What it does mean is that my hot path, which wraps the send + callback, is "extra hot" because of the retry logic. And so there's a lot of TaskCompletionSource creation here.
The vendor's own documentation makes recommendations about reusing their Message objects where possible rather then recreating them for every Send. I have decided to use a Channel as a ring buffer for this. But that made me wonder - is there some alternative to the TaskCompletionSource approach - maybe some other object that can also be cached in the ring buffer and reused, achieving the same outcome?

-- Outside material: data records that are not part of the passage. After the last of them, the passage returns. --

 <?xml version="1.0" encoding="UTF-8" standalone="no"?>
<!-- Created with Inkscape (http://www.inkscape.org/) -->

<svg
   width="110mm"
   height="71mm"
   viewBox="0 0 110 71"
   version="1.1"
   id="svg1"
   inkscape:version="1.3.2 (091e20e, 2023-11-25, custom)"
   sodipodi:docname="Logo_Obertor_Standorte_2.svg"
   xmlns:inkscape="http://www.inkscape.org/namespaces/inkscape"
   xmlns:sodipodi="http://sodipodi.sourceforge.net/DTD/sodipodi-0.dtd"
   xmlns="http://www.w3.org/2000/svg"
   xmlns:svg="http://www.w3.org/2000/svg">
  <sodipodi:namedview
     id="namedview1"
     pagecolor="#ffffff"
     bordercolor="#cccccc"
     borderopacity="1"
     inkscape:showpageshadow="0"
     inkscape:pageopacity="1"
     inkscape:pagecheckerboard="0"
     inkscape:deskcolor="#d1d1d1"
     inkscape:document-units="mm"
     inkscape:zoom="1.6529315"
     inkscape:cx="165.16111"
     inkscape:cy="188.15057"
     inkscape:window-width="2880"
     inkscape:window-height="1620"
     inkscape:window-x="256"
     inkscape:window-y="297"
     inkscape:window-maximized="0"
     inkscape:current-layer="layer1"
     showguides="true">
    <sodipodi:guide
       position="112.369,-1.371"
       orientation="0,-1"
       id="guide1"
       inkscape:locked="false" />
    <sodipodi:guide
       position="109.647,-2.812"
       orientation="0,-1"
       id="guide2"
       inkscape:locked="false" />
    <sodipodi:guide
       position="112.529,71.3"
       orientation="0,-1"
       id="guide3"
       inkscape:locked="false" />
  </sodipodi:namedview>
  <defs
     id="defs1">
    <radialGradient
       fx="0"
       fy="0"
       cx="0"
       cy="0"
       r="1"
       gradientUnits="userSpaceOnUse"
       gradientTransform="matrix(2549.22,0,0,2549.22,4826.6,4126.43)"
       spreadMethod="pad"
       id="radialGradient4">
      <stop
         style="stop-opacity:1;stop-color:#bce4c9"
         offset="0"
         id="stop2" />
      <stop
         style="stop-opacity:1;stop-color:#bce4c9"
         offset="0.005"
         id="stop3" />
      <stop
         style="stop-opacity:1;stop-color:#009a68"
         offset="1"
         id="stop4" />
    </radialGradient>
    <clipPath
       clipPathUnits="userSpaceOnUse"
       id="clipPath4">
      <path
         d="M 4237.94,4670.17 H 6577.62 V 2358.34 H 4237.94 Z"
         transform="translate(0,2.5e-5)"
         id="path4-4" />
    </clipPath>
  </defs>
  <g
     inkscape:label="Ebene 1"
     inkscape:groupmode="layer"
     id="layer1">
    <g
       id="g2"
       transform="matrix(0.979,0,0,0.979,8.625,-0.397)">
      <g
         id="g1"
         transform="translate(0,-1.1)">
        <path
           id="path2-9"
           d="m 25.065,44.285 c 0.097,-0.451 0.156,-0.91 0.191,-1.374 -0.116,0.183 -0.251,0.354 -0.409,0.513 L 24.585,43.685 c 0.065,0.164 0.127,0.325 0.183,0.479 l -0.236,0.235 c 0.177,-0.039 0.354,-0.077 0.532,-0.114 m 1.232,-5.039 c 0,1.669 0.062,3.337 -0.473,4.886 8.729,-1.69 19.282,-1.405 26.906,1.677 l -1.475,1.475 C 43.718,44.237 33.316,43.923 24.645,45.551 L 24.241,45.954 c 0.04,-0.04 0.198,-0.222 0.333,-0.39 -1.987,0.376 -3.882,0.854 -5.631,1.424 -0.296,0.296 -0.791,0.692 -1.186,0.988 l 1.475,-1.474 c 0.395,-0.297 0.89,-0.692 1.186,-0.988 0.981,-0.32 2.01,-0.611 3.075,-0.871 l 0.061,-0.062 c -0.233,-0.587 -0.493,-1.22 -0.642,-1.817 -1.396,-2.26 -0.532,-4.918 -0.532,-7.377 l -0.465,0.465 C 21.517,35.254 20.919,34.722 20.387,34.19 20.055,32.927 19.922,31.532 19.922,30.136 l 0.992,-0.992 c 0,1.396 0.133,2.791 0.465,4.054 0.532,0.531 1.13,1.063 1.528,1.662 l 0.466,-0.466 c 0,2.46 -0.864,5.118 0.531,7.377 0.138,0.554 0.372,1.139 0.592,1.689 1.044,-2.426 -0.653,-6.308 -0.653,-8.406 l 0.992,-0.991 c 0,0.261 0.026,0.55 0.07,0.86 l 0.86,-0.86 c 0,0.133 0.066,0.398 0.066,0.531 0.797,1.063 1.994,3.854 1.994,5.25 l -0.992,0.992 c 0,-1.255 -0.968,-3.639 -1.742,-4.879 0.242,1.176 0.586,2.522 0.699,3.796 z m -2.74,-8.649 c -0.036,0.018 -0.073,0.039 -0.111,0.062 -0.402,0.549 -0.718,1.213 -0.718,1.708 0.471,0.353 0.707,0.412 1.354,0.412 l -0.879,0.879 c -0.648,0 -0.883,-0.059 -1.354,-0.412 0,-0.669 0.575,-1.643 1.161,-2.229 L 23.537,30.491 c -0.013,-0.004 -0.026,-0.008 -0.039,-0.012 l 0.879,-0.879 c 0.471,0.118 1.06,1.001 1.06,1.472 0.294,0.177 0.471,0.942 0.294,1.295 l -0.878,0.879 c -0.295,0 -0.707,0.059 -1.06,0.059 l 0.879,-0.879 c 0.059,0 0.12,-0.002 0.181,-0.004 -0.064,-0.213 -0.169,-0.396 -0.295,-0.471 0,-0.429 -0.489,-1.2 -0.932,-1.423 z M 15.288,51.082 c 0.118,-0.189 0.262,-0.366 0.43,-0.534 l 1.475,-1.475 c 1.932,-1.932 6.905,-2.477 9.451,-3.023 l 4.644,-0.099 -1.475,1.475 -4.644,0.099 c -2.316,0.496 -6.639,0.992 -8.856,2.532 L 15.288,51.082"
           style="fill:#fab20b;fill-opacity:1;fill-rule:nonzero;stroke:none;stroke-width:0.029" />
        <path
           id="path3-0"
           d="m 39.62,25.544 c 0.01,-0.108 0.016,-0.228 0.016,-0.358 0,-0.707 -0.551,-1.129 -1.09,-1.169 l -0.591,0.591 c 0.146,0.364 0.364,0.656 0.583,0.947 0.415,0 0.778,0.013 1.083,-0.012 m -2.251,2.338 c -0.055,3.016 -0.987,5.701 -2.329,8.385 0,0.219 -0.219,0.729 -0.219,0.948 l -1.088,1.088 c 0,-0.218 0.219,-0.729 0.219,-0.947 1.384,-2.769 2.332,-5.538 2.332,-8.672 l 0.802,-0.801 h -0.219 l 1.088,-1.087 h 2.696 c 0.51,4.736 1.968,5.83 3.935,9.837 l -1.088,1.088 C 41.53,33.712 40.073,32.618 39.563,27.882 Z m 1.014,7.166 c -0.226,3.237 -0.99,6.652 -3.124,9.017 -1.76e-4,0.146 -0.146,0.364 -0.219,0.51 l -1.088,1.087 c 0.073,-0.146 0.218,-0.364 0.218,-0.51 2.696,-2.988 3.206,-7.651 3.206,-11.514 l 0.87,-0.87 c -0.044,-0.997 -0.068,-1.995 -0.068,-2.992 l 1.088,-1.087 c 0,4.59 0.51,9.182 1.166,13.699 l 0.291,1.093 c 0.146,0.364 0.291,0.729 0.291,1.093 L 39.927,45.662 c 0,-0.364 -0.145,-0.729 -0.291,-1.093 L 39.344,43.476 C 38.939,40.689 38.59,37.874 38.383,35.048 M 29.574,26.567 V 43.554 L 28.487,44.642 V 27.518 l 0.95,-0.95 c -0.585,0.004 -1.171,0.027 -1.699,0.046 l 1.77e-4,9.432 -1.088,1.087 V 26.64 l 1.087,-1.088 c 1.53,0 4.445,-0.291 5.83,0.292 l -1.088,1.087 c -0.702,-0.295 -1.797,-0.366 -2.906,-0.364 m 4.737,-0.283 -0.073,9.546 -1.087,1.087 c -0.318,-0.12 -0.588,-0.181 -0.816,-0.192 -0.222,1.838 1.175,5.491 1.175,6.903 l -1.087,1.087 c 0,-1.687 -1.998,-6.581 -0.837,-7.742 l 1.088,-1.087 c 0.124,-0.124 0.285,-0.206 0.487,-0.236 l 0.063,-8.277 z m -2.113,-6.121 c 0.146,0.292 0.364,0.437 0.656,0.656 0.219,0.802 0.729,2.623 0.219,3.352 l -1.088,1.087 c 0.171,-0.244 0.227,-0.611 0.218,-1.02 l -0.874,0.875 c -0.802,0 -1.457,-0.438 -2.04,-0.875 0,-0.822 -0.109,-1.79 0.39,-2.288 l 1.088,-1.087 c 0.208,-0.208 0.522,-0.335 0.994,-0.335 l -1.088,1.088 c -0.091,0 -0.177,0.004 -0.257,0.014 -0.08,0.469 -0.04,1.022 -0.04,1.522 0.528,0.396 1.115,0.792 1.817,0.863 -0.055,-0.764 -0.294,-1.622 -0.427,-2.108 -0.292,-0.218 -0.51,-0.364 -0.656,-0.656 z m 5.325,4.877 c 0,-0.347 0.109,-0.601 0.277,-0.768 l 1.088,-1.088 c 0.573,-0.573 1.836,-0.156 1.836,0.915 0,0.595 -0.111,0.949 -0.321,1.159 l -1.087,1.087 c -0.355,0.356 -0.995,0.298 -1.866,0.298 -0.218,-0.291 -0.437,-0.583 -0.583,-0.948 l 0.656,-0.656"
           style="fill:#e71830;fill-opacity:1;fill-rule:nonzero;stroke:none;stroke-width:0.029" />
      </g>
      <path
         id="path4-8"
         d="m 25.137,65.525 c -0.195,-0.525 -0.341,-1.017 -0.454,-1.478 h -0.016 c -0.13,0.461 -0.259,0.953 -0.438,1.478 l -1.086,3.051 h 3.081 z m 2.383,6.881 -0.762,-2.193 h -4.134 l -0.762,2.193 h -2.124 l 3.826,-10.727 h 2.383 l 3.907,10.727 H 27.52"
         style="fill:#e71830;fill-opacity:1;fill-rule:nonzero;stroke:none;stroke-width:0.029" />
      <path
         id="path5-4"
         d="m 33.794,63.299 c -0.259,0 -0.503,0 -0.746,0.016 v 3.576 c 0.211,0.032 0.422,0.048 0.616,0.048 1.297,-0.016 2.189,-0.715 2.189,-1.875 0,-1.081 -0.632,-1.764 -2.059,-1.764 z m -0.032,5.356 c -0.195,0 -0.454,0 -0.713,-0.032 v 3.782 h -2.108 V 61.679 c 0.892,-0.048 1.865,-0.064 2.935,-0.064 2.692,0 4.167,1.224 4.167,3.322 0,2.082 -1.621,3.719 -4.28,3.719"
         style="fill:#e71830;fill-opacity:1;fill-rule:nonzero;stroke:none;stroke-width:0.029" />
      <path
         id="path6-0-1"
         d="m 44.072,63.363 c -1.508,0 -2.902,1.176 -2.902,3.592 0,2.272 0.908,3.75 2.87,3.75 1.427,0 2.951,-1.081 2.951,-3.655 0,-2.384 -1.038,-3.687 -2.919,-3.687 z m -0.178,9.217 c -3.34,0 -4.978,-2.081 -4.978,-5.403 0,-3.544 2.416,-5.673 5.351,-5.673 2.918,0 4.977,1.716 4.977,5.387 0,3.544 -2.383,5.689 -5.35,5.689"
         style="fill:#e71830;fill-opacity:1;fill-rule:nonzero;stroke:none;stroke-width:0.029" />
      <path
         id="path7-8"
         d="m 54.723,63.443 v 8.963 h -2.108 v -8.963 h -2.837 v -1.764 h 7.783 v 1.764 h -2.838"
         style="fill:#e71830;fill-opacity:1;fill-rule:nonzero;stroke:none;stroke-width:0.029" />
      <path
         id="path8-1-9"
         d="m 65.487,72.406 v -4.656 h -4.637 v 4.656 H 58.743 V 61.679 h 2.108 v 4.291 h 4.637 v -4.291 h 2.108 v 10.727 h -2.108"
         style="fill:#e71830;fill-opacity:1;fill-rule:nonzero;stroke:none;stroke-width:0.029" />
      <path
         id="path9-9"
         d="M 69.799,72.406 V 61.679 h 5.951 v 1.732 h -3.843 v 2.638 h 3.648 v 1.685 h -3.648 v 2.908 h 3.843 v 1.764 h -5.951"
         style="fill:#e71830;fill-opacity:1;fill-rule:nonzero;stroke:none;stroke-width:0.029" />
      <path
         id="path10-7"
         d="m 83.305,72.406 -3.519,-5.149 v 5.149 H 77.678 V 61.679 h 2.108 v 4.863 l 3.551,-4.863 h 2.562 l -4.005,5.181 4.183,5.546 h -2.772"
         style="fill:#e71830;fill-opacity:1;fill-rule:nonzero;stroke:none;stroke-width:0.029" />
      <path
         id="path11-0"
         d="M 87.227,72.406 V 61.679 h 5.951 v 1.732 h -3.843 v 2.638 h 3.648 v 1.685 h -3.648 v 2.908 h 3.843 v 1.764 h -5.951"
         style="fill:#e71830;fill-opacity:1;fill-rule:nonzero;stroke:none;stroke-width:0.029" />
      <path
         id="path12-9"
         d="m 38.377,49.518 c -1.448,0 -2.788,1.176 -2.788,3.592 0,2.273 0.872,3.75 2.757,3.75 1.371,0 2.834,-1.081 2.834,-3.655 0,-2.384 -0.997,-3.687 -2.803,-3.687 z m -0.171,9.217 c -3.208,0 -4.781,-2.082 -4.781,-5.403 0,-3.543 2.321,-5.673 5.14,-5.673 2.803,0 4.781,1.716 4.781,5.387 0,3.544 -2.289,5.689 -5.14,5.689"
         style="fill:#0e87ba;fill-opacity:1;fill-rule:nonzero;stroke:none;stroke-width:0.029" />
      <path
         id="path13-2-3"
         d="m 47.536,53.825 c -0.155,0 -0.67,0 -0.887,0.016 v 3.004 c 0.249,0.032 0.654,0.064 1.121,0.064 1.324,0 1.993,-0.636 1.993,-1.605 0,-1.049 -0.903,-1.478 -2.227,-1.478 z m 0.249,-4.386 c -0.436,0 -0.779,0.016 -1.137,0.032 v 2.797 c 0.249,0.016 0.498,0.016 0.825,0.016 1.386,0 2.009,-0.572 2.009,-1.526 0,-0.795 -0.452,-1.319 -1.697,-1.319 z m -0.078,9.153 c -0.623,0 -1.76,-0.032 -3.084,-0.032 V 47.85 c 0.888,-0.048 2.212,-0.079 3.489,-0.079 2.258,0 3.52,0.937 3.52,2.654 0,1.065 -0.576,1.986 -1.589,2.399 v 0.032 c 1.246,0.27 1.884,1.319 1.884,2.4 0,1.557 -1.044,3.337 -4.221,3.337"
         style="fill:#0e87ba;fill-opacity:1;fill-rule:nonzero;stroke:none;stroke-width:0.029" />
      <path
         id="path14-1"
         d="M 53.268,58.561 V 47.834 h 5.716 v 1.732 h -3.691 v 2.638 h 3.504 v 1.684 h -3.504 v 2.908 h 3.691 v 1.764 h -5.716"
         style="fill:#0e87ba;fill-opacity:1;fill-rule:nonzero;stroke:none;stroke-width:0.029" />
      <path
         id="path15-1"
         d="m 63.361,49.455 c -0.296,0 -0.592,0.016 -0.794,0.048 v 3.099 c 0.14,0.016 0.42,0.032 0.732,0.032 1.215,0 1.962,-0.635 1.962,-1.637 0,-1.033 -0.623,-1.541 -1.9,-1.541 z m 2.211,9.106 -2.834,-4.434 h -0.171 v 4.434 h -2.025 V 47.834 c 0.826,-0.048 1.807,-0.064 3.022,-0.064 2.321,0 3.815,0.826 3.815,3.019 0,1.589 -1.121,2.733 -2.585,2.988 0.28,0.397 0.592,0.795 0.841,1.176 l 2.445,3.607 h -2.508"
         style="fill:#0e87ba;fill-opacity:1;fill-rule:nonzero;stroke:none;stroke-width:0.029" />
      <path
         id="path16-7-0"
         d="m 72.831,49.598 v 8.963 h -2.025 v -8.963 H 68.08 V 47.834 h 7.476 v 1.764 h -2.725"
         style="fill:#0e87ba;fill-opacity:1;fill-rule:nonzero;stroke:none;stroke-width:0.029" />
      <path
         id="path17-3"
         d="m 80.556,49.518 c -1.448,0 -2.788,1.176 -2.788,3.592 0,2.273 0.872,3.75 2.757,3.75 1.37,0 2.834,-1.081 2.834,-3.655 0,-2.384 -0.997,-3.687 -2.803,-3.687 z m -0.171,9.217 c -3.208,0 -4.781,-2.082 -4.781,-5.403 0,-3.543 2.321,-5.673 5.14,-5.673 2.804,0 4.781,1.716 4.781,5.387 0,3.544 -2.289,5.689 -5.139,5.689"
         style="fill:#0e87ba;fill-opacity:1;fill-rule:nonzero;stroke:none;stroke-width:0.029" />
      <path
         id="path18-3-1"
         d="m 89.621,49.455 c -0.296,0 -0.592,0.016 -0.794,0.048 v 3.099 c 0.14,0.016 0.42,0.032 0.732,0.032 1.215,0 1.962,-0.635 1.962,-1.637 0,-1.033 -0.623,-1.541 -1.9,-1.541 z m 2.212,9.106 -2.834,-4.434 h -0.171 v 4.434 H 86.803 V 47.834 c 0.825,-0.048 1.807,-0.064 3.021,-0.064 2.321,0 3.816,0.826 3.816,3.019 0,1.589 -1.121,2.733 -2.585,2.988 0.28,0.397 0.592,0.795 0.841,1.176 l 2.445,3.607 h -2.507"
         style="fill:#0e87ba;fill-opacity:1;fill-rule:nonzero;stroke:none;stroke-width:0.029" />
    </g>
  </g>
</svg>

I realise this is probably an overzealous attempt at micro-optimisation, and to be honest I am exploring several aspects of C# which are above my pay grade (I'm a SQL guy, really), so I could be missing something obvious. If the answer is "you don't actually need this optimisation", that's not going to put my mind at ease. If the answer is "that's really the only sensible way", my curiosity would be satisfied.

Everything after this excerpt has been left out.